Tentu, itu harus dibaca secara kritis sebagai respons NU Vis a Vis transnasionalisme yang sudah terbukti dan teruji menjadi “bahaya laten” bagi NU. Bahkan lebih luas skopnya dari NU, yaitu bagi Indonesia yang mengubah sistem pemerintahan yang berujung pada penggulingan pemerintahan. Di beberapa negara Timur Tengah, semisal di Saudi Arabiyah yang berpaham Islam puritan Wahab dan di Mesir yang berpaham Islam Moderat, sama-sama melarang ideologi dan gerakan Islam transnasional tersebut.

Padahal, NU dan Indonesia, kata KH Muchith Muzadi, memiliki hubungan yang sangat erat. Menjadi NU otomatis menjadi Indonesia. Keduanya melebur dan menyatu seperti mata uang logam yang hanya bisa dibedakan, tetapi tidak bisa dipisahkan. Bila dikelola dengan baik dan mengacu pada prinsip-prinsip good governance (tata kelola pemerintahan yang baik) akan berbuah dividen kesejahteraan, keadilan, dan kemakmuran yang merupakan inti dari tujuan didirikannya negara.
Tujuan Negara

Para teoritikus Fiqih Siyasah, semisal, al-Juwaini, a-Ghazali, al-Baidhawi, dan lain sebagainya, menetapkan tujuan negara sebagai institusi yang bertujuan untuk hirasati al-dini (memelihara agama), dan siyati al-dunya (mengelola negara) dalam rangka menerapkan syariat Islam, menolak kerusakan, mewujudkan kemaslahatan umum, menegakkan keadilan dan menggapai kesejahteraan dan kemakmuran lahir-batin, dunia-akhirat. Sementara soal bentuk pemerintahan, bukan yang esensial dari pendirian negara. Yang esensial adalah tujuan negara, bukan bentuk pemerintahan. Sebab, bentuk pemerintahan itu sekadar sarana untuk mencapai tujuan negara. Sistem demokrasi adalah sarana, bukanlah tujuan. Demikian pula dengan sistem negara teokrasi, hanya sekadar sarana, bukanlah tujuan.

Jadi, sebagai sarana, antara sistem demokrasi dan teokrasi di atas sudah sepantasnya dikontestasikan dalam mencapai tujuan negara. Mana yang paling visible dan prospektif? Pasar dan sejarah yang akan menentukan. Sebab sarana itu “bebas nilai” dan “netral”, ia tidak terikat dan diikat oleh nilai dan norma apa pun, pemakai sarana yang diikat dan terikat.
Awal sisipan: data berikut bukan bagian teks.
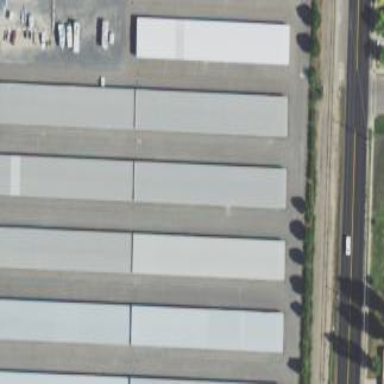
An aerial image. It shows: Storage rental shop.
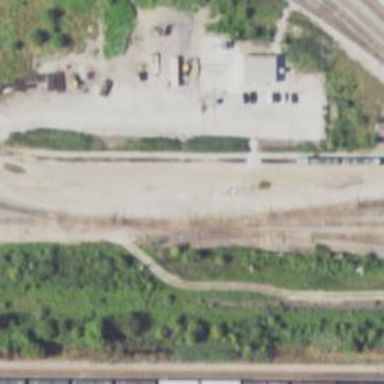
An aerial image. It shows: Disused railway yard.
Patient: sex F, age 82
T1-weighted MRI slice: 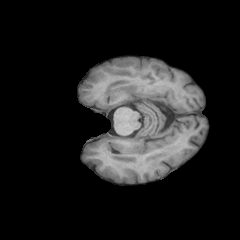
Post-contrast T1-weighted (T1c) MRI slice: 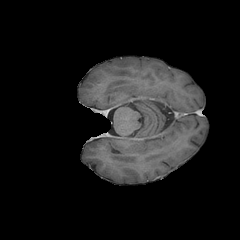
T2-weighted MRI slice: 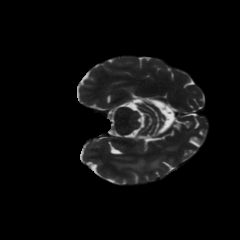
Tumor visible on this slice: yes
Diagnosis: Glioblastoma, IDH-wildtype
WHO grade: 4
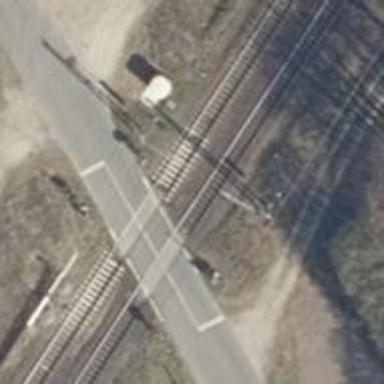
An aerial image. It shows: Level crossing along the railway.

Oleh karena itu, sangat tidak relevan dan kontekstual melabelisasi sebuah sistem dengan label Islam ataupun kufur.

Dengan demikian, memobilisasi dukungan umat terhadap sebuah sistem murni management marketing sama sekali tidak berhubungan dengan agama, apalagi menentukan keberimanan, keberislaman, dan keberihsanan seseorang. Sama halnya dengan identitas dan kualitas agama tidak dapat diukur dari ia mengendarai apa? Apakah pesawat terbang, kapal laut, kereta api, bus, kendaraan umum atau mobil pribadi, sepeda motor, dan lain sebagainya? Sehingga tidak masuk akal, bila menakar identitas dan kualitas agama seseorang dengan alat transportasi apa yang dipakai. Seseorang tidak lantas menjadi Islam lantaran naik pesawat terbang. Ataupun seseorang tidak lantas menjadi kafir lantaran naik kendaran pribadi.
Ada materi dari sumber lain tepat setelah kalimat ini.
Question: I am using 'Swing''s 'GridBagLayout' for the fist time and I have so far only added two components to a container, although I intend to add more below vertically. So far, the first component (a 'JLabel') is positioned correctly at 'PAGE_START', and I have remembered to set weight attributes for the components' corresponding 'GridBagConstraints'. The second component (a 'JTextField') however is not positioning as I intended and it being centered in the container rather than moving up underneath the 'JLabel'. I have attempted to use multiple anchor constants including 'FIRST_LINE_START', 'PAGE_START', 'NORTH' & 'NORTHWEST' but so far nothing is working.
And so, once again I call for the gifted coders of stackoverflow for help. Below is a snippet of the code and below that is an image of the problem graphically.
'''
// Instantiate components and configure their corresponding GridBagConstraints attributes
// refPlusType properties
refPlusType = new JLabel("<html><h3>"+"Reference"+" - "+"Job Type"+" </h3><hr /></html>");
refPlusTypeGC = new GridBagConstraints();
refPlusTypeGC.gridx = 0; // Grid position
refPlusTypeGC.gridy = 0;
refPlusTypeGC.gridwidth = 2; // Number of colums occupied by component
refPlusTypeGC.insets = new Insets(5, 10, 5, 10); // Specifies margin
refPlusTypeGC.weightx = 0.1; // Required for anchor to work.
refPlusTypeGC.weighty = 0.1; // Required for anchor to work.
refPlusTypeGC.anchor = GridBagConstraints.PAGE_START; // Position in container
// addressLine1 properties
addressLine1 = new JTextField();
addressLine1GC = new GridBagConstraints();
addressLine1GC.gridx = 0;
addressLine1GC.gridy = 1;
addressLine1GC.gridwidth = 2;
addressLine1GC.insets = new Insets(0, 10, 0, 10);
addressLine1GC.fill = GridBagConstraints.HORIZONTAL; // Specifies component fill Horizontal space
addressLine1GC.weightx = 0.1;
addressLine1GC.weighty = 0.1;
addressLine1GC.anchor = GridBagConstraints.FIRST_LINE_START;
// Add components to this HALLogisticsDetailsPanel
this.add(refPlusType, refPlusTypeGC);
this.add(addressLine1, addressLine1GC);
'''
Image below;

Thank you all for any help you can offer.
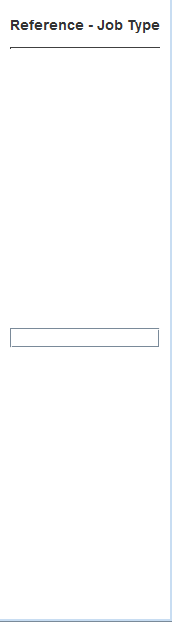
Answer: Okay, I got it. I don't like accepting my own answers but here we go. At the end of the day I am trying to get the whole lot to bunch together properly at the top of the container. Adding 'weighty' attributes to all the components individually means that the remaining space in the container is distributed between all of them (relative to their 'weighty' attribute) therefore spacing them out.
The answer seems to be that by adding a 'weighty' attribute to the lowest component in the GridBagLayout, the rest of the remaining space is allocated to below the lowest component and therefore pushing all components to the top. By default is seems that when remaining space is allocated to a component based on it's weight, it is allocated it (at least on the y axis).
Here is the new code with three components to help demonstrate;
'''
// Instantiate components and configure their corresponding GridBagConstraints attributes
// refPlusType properties
refPlusType = new JLabel("<html><h3>"+"Reference"+" - "+"Job Type"+" </h3><hr /></html>");
refPlusTypeGC = new GridBagConstraints();
refPlusTypeGC.gridx = 0; // Grid position
refPlusTypeGC.gridy = 0;
refPlusTypeGC.gridwidth = 2; // Number of colums occupied by component
refPlusTypeGC.insets = new Insets(5, 10, 5, 10); // Specifies margin
// addressLine1 properties
addressLine1 = new JTextField();
addressLine1GC = new GridBagConstraints();
addressLine1GC.gridx = 0;
addressLine1GC.gridy = 1;
addressLine1GC.gridwidth = 2;
addressLine1GC.insets = new Insets(0, 10, 0, 10);
addressLine1GC.fill = GridBagConstraints.HORIZONTAL; // Specifies component fill Horizontal space
// addressLine2 properties
addressLine2 = new JTextField();
addressLine2GC = new GridBagConstraints();
addressLine2GC.gridx = 0;
addressLine2GC.gridy = 2;
addressLine2GC.gridwidth = 2;
addressLine2GC.insets = new Insets(0, 10, 0, 10);
addressLine2GC.fill = GridBagConstraints.HORIZONTAL; // Specifies component fill Horizontal space
addressLine2GC.weighty = 1; // Required for anchor to work.
addressLine2GC.anchor = GridBagConstraints.NORTH; // Position in container
// Add components to this HALLogisticsDetailsPanel
this.add(refPlusType, refPlusTypeGC);
this.add(addressLine1, addressLine1GC);
this.add(addressLine2, addressLine2GC);
'''

Sudah bukan zamannya lagi memobilisasi dukungan umat dengan mempropaganda bahwa sistem ini paling Islami, dan sistem itu kufur. Sebab sistem itu seperti kendaraan. Karena itu, siapa pun yang berkepentingan harus menjual keunggulan masing-masing dalam memberikan pelayanan, kepuasan, jaminan keamanan, dan kepastian mencapai tujuan bagi umat-bangsa. Dan, apa pun yang dipilih oleh umat-bangsa dari sekian alternatif sistem, itu yang paling meyakinkan hati, menenangkan jiwa, dan sesuai dengan selera publik.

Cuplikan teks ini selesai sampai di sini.